:: WORK ORDER ::
Print the records below exactly. Omit every picture.

:: EXERCISE MATERIALS ::
╔══
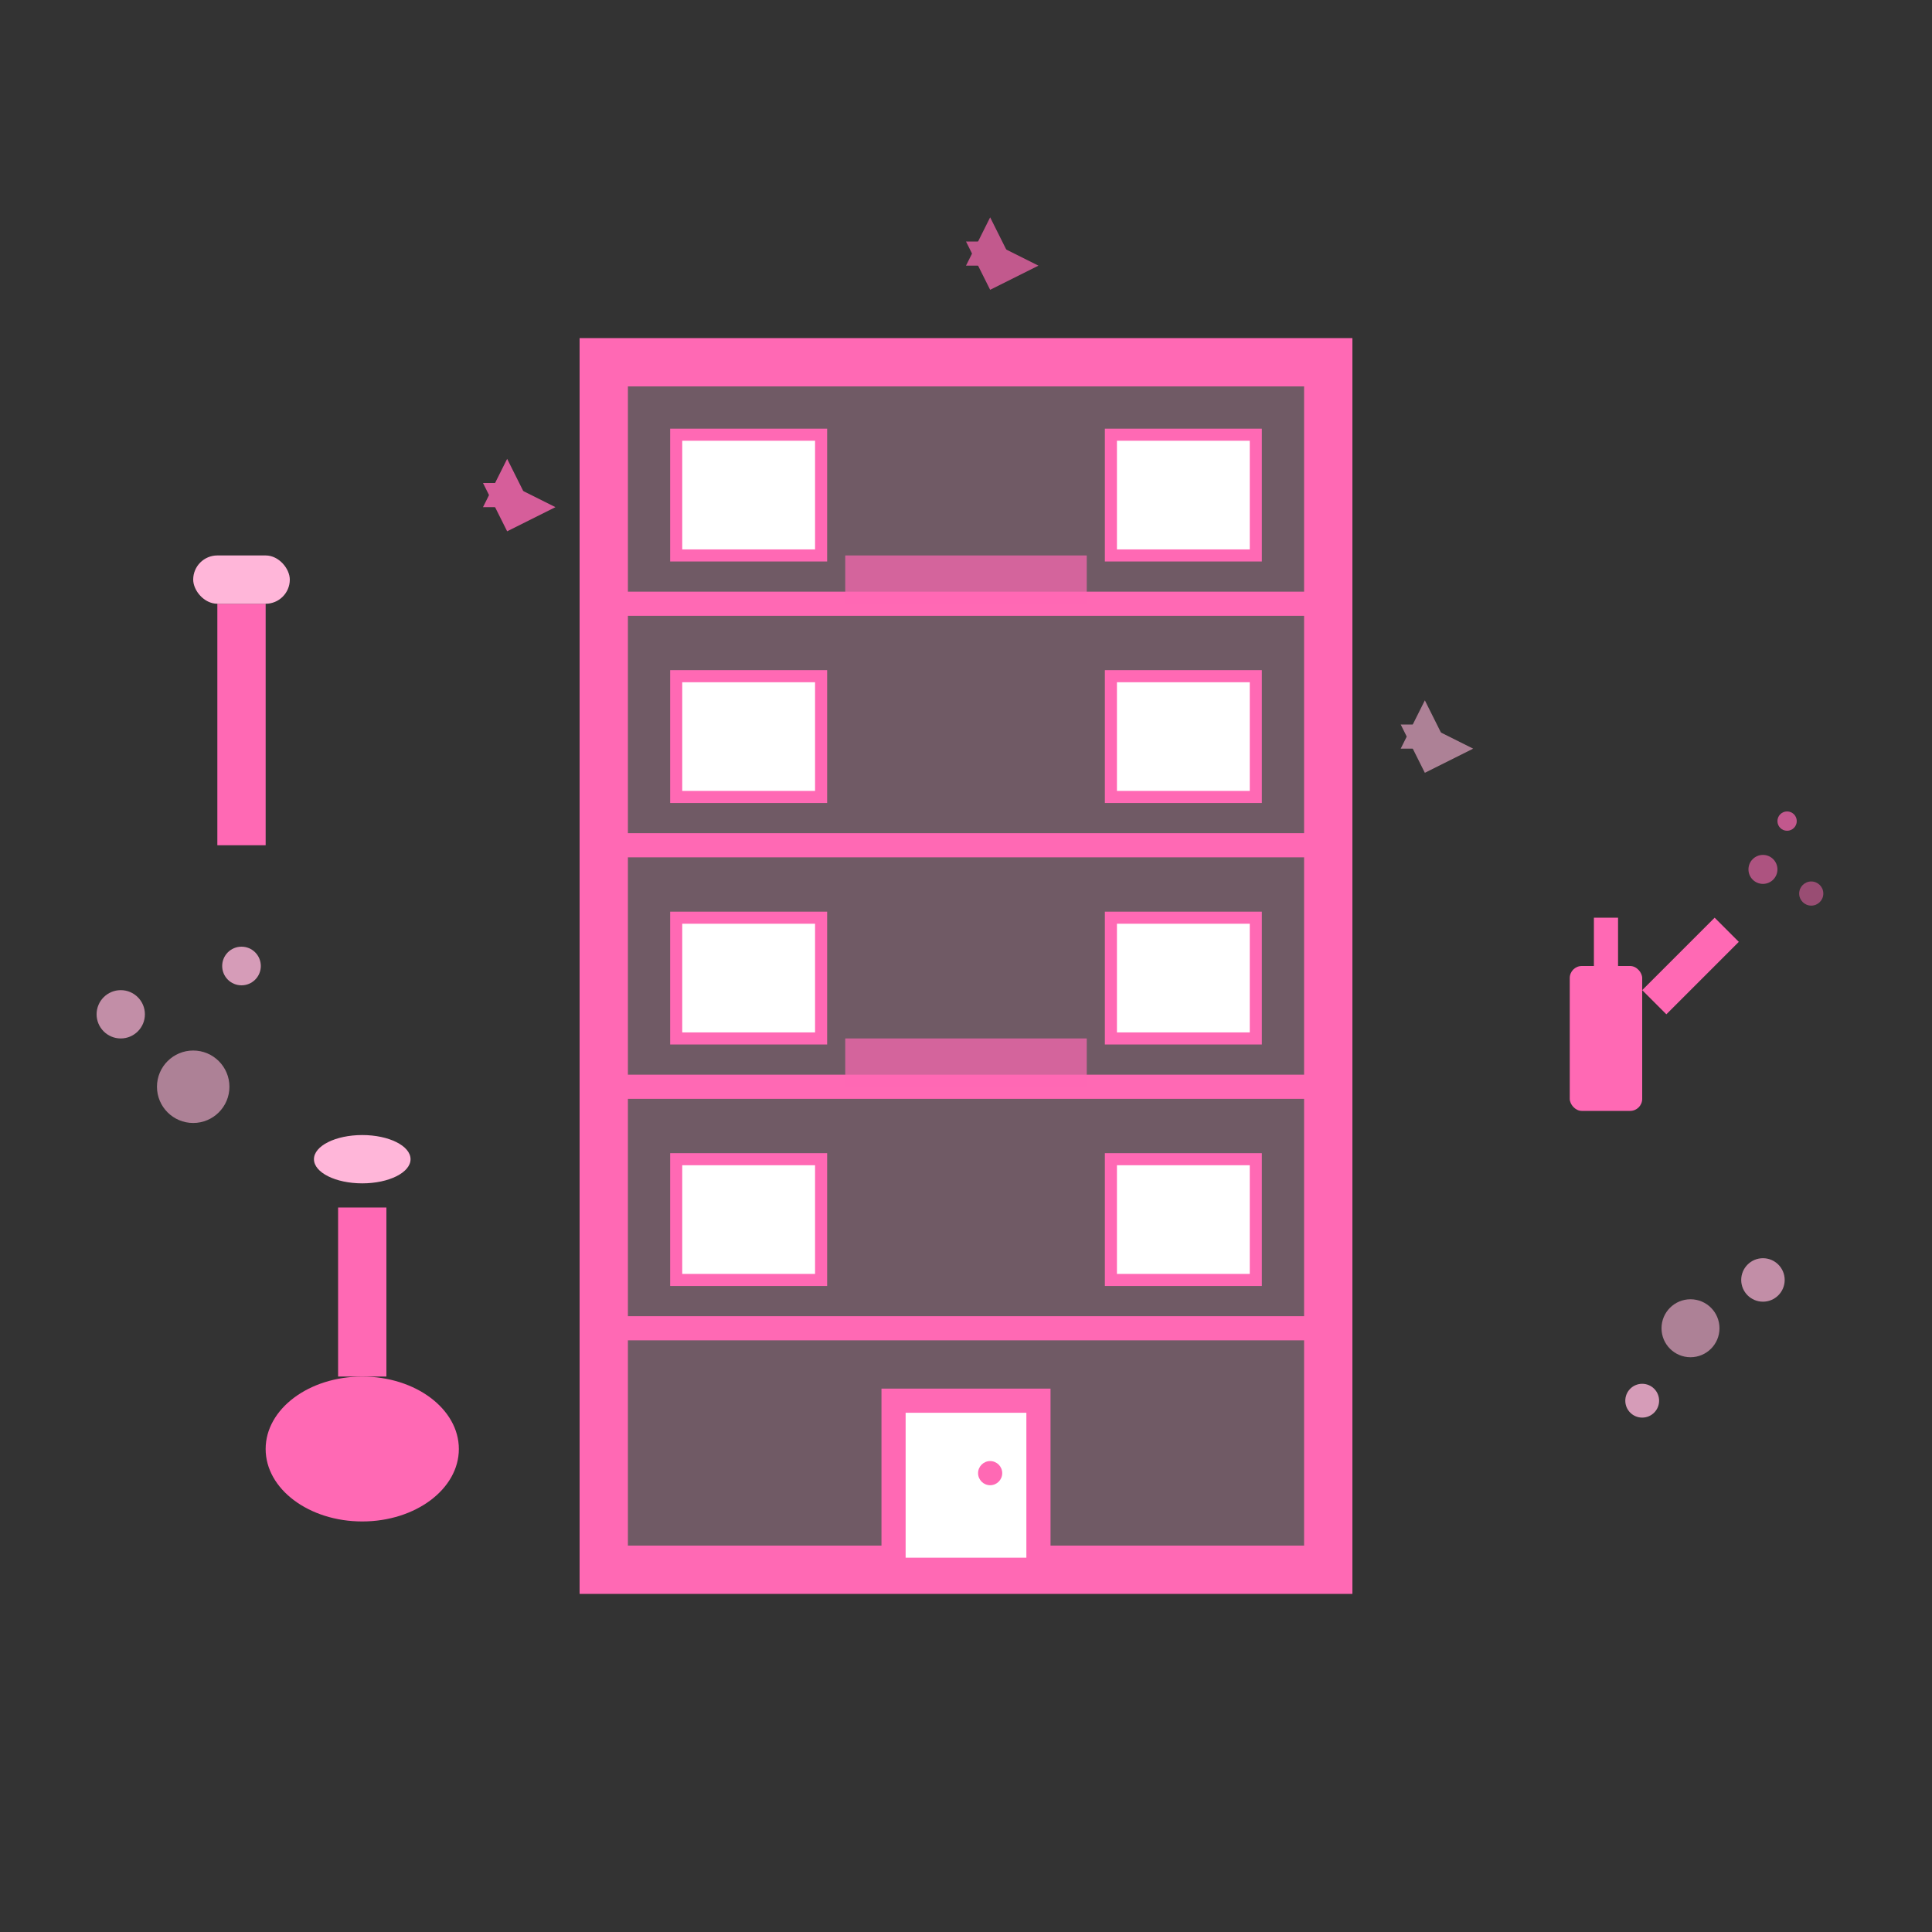 <svg width="80" height="80" viewBox="0 0 80 80" fill="none" xmlns="http://www.w3.org/2000/svg">
  <rect x="0" y="0" width="80" height="80" fill="#333333" stroke="none"/>
  <!-- Building structure -->
  <rect x="25" y="15" width="30" height="50" fill="#ffb6d9" opacity="0.3"/>
  <rect x="25" y="15" width="30" height="50" stroke="#ff69b4" stroke-width="2" fill="none"/>
  
  <!-- Floors -->
  <line x1="25" y1="25" x2="55" y2="25" stroke="#ff69b4" stroke-width="1"/>
  <line x1="25" y1="35" x2="55" y2="35" stroke="#ff69b4" stroke-width="1"/>
  <line x1="25" y1="45" x2="55" y2="45" stroke="#ff69b4" stroke-width="1"/>
  <line x1="25" y1="55" x2="55" y2="55" stroke="#ff69b4" stroke-width="1"/>
  
  <!-- Windows -->
  <rect x="28" y="18" width="6" height="5" fill="white" stroke="#ff69b4" stroke-width="0.5"/>
  <rect x="46" y="18" width="6" height="5" fill="white" stroke="#ff69b4" stroke-width="0.5"/>
  
  <rect x="28" y="28" width="6" height="5" fill="white" stroke="#ff69b4" stroke-width="0.5"/>
  <rect x="46" y="28" width="6" height="5" fill="white" stroke="#ff69b4" stroke-width="0.5"/>
  
  <rect x="28" y="38" width="6" height="5" fill="white" stroke="#ff69b4" stroke-width="0.5"/>
  <rect x="46" y="38" width="6" height="5" fill="white" stroke="#ff69b4" stroke-width="0.5"/>
  
  <rect x="28" y="48" width="6" height="5" fill="white" stroke="#ff69b4" stroke-width="0.5"/>
  <rect x="46" y="48" width="6" height="5" fill="white" stroke="#ff69b4" stroke-width="0.5"/>
  
  <!-- Main door -->
  <rect x="37" y="58" width="6" height="7" fill="white" stroke="#ff69b4" stroke-width="1"/>
  <circle cx="41" cy="61" r="0.5" fill="#ff69b4"/>
  
  <!-- Balconies -->
  <rect x="35" y="23" width="10" height="2" fill="#ff69b4" opacity="0.7"/>
  <rect x="35" y="43" width="10" height="2" fill="#ff69b4" opacity="0.7"/>
  
  <!-- Cleaning equipment -->
  
  <!-- Bucket with mop -->
  <ellipse cx="15" cy="60" rx="4" ry="3" fill="#ff69b4"/>
  <line x1="15" y1="50" x2="15" y2="57" stroke="#ff69b4" stroke-width="2"/>
  <ellipse cx="15" cy="48" rx="2" ry="1" fill="#ffb6d9"/>
  
  <!-- Spray bottle -->
  <rect x="65" y="40" width="3" height="6" rx="0.5" fill="#ff69b4"/>
  <rect x="66" y="38" width="1" height="2" fill="#ff69b4"/>
  <path d="M68 41 L71 38 L72 39 L69 42 Z" fill="#ff69b4"/>
  
  <!-- Spray mist -->
  <circle cx="73" cy="36" r="0.6" fill="#ff69b4" opacity="0.6"/>
  <circle cx="74" cy="34" r="0.4" fill="#ff69b4" opacity="0.7"/>
  <circle cx="75" cy="37" r="0.5" fill="#ff69b4" opacity="0.5"/>
  
  <!-- Window cleaning squeegee -->
  <line x1="10" y1="25" x2="10" y2="35" stroke="#ff69b4" stroke-width="2"/>
  <rect x="8" y="23" width="4" height="2" rx="1" fill="#ffb6d9"/>
  
  <!-- Cleaning bubbles -->
  <circle cx="8" cy="45" r="1.5" fill="#ffb6d9" opacity="0.6"/>
  <circle cx="5" cy="42" r="1" fill="#ffb6d9" opacity="0.7"/>
  <circle cx="10" cy="40" r="0.8" fill="#ffb6d9" opacity="0.8"/>
  
  <circle cx="70" cy="55" r="1.2" fill="#ffb6d9" opacity="0.6"/>
  <circle cx="73" cy="53" r="0.9" fill="#ffb6d9" opacity="0.7"/>
  <circle cx="68" cy="58" r="0.7" fill="#ffb6d9" opacity="0.8"/>
  
  <!-- Sparkles -->
  <g opacity="0.8">
    <path d="M20 20 L21 22 L23 21 L21 20 L20 20 Z" fill="#ff69b4"/>
    <path d="M20 21 L22 21 L21 19 L20 21 Z" fill="#ff69b4"/>
  </g>
  
  <g opacity="0.6">
    <path d="M58 30 L59 32 L61 31 L59 30 L58 30 Z" fill="#ffb6d9"/>
    <path d="M58 31 L60 31 L59 29 L58 31 Z" fill="#ffb6d9"/>
  </g>
  
  <g opacity="0.7">
    <path d="M40 10 L41 12 L43 11 L41 10 L40 10 Z" fill="#ff69b4"/>
    <path d="M40 11 L42 11 L41 9 L40 11 Z" fill="#ff69b4"/>
  </g>
</svg>
╚══
:: ANSWER SPACE ::
 <svg width="80" height="80" viewBox="0 0 80 80" fill="none" xmlns="http://www.w3.org/2000/svg">
  <rect x="0" y="0" width="80" height="80" fill="#333333" stroke="none"/>
  <!-- Building structure -->
  <rect x="25" y="15" width="30" height="50" fill="#ffb6d9" opacity="0.3"/>
  <rect x="25" y="15" width="30" height="50" stroke="#ff69b4" stroke-width="2" fill="none"/>
  
  <!-- Floors -->
  <line x1="25" y1="25" x2="55" y2="25" stroke="#ff69b4" stroke-width="1"/>
  <line x1="25" y1="35" x2="55" y2="35" stroke="#ff69b4" stroke-width="1"/>
  <line x1="25" y1="45" x2="55" y2="45" stroke="#ff69b4" stroke-width="1"/>
  <line x1="25" y1="55" x2="55" y2="55" stroke="#ff69b4" stroke-width="1"/>
  
  <!-- Windows -->
  <rect x="28" y="18" width="6" height="5" fill="white" stroke="#ff69b4" stroke-width="0.5"/>
  <rect x="46" y="18" width="6" height="5" fill="white" stroke="#ff69b4" stroke-width="0.5"/>
  
  <rect x="28" y="28" width="6" height="5" fill="white" stroke="#ff69b4" stroke-width="0.5"/>
  <rect x="46" y="28" width="6" height="5" fill="white" stroke="#ff69b4" stroke-width="0.5"/>
  
  <rect x="28" y="38" width="6" height="5" fill="white" stroke="#ff69b4" stroke-width="0.5"/>
  <rect x="46" y="38" width="6" height="5" fill="white" stroke="#ff69b4" stroke-width="0.5"/>
  
  <rect x="28" y="48" width="6" height="5" fill="white" stroke="#ff69b4" stroke-width="0.5"/>
  <rect x="46" y="48" width="6" height="5" fill="white" stroke="#ff69b4" stroke-width="0.5"/>
  
  <!-- Main door -->
  <rect x="37" y="58" width="6" height="7" fill="white" stroke="#ff69b4" stroke-width="1"/>
  <circle cx="41" cy="61" r="0.5" fill="#ff69b4"/>
  
  <!-- Balconies -->
  <rect x="35" y="23" width="10" height="2" fill="#ff69b4" opacity="0.7"/>
  <rect x="35" y="43" width="10" height="2" fill="#ff69b4" opacity="0.7"/>
  
  <!-- Cleaning equipment -->
  
  <!-- Bucket with mop -->
  <ellipse cx="15" cy="60" rx="4" ry="3" fill="#ff69b4"/>
  <line x1="15" y1="50" x2="15" y2="57" stroke="#ff69b4" stroke-width="2"/>
  <ellipse cx="15" cy="48" rx="2" ry="1" fill="#ffb6d9"/>
  
  <!-- Spray bottle -->
  <rect x="65" y="40" width="3" height="6" rx="0.5" fill="#ff69b4"/>
  <rect x="66" y="38" width="1" height="2" fill="#ff69b4"/>
  <path d="M68 41 L71 38 L72 39 L69 42 Z" fill="#ff69b4"/>
  
  <!-- Spray mist -->
  <circle cx="73" cy="36" r="0.6" fill="#ff69b4" opacity="0.6"/>
  <circle cx="74" cy="34" r="0.4" fill="#ff69b4" opacity="0.7"/>
  <circle cx="75" cy="37" r="0.5" fill="#ff69b4" opacity="0.5"/>
  
  <!-- Window cleaning squeegee -->
  <line x1="10" y1="25" x2="10" y2="35" stroke="#ff69b4" stroke-width="2"/>
  <rect x="8" y="23" width="4" height="2" rx="1" fill="#ffb6d9"/>
  
  <!-- Cleaning bubbles -->
  <circle cx="8" cy="45" r="1.5" fill="#ffb6d9" opacity="0.6"/>
  <circle cx="5" cy="42" r="1" fill="#ffb6d9" opacity="0.7"/>
  <circle cx="10" cy="40" r="0.8" fill="#ffb6d9" opacity="0.8"/>
  
  <circle cx="70" cy="55" r="1.2" fill="#ffb6d9" opacity="0.6"/>
  <circle cx="73" cy="53" r="0.9" fill="#ffb6d9" opacity="0.7"/>
  <circle cx="68" cy="58" r="0.7" fill="#ffb6d9" opacity="0.8"/>
  
  <!-- Sparkles -->
  <g opacity="0.8">
    <path d="M20 20 L21 22 L23 21 L21 20 L20 20 Z" fill="#ff69b4"/>
    <path d="M20 21 L22 21 L21 19 L20 21 Z" fill="#ff69b4"/>
  </g>
  
  <g opacity="0.6">
    <path d="M58 30 L59 32 L61 31 L59 30 L58 30 Z" fill="#ffb6d9"/>
    <path d="M58 31 L60 31 L59 29 L58 31 Z" fill="#ffb6d9"/>
  </g>
  
  <g opacity="0.7">
    <path d="M40 10 L41 12 L43 11 L41 10 L40 10 Z" fill="#ff69b4"/>
    <path d="M40 11 L42 11 L41 9 L40 11 Z" fill="#ff69b4"/>
  </g>
</svg>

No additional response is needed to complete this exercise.